Start of Block

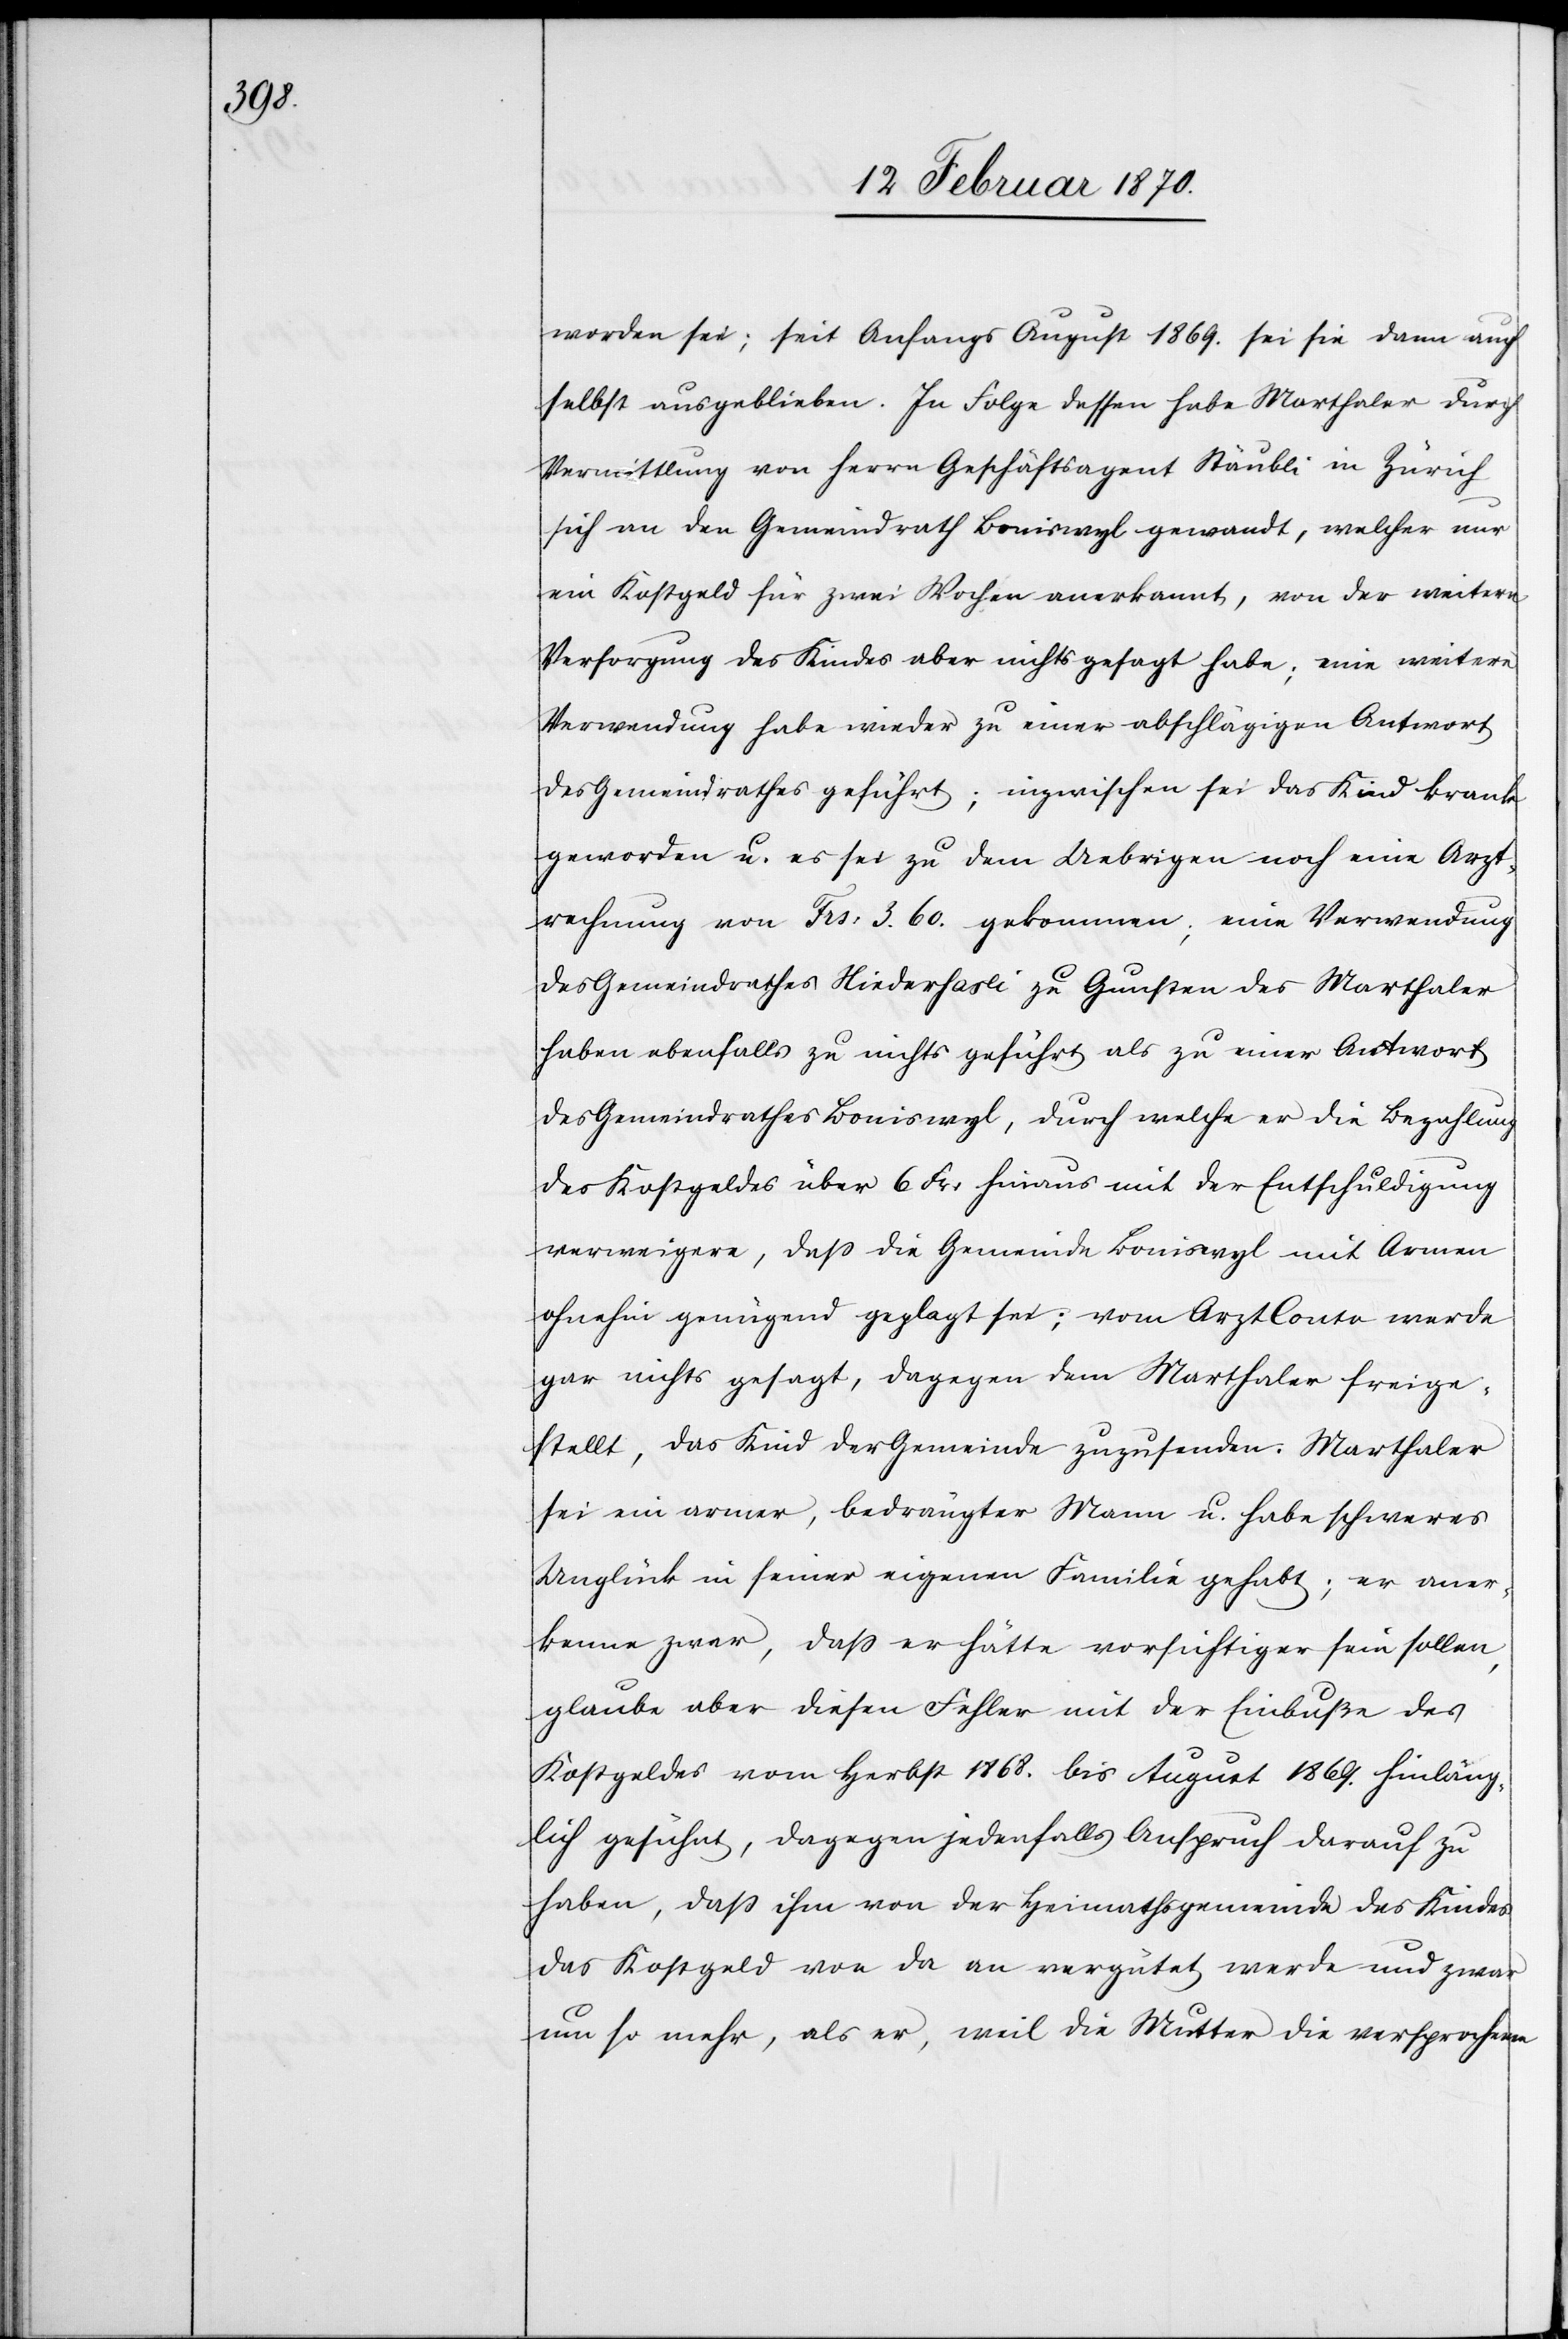
worden sei; seit Anfangs August 1869. sei sie dann auch
selbst ausgeblieben. In Folge dessen habe Marthaler durch
Vermittlung von Herrn Geschäftsagent Stäubli in Zürich
sich an den Gemeindrath Boniswyl gewandt, welcher nur
ein Kostgeld für zwei Wochen anerkannt, von der weitern
Versorgung des Kindes aber nichts gesagt habe; eine weitere
Verwendung habe wieder zu einer abschlägigen Antwort
des Gemeindrathes geführt; inzwischen sei das Kind krank
geworden u. es sei zu dem Uebrigen noch eine Arzt¬
rechnung von Frs: 3.60. gekommen; eine Verwendung
des Gemeindrathes Niederhasli zu Gunsten der Marthaler
haben ebenfalls zu nichts geführt als zu einer Antwort
des Gemeindrathes Boniswyl, durch welche er die Bezahlung
des Kostgeldes über 6. Fr: hinaus mit der Entschuldigung
verweigere, dass die Gemeinde Boniswyl mit Armen
ohnehin genügend geplagt sei; vom Arzt[-]Conto werde
gar nichts gesagt, dagegen dem Marthaler freige¬
stellt, das Kind der Gemeinde zuzusenden. Marthaler
sei ein armer, bedrängter Mann u. habe schweres
Unglück in seiner eigenen Familie gehabt; er aner¬
kenne zwar, dass er hätte vorsichtiger sein sollen,
glaube aber diesen Fehler mit der Einbuße des
Kostgeldes vom Herbst 1868. bis August 1869. hinläng¬
lich gesühnt, dagegen jedenfalls Anspruch darauf zu
haben, daß ihm von der Heimathsgemeinde des Kindes
das Kostgeld von da an vergütet werde und zwar
nun so mehr, als er, weil die Mutter die versprochenen

End of Block

Using the material above, extract the line that contains "gar nichts gesagt, dagegen" and every line after it, exactly as given; stop at the last line.

* _ANSWER FOR THE TASK_
gar nichts gesagt, dagegen dem Marthaler freige¬
stellt, das Kind der Gemeinde zuzusenden. Marthaler
sei ein armer, bedrängter Mann u. habe schweres
Unglück in seiner eigenen Familie gehabt; er aner¬
kenne zwar, dass er hätte vorsichtiger sein sollen,
glaube aber diesen Fehler mit der Einbuße des
Kostgeldes vom Herbst 1868. bis August 1869. hinläng¬
lich gesühnt, dagegen jedenfalls Anspruch darauf zu
haben, daß ihm von der Heimathsgemeinde des Kindes
das Kostgeld von da an vergütet werde und zwar
nun so mehr, als er, weil die Mutter die versprochenen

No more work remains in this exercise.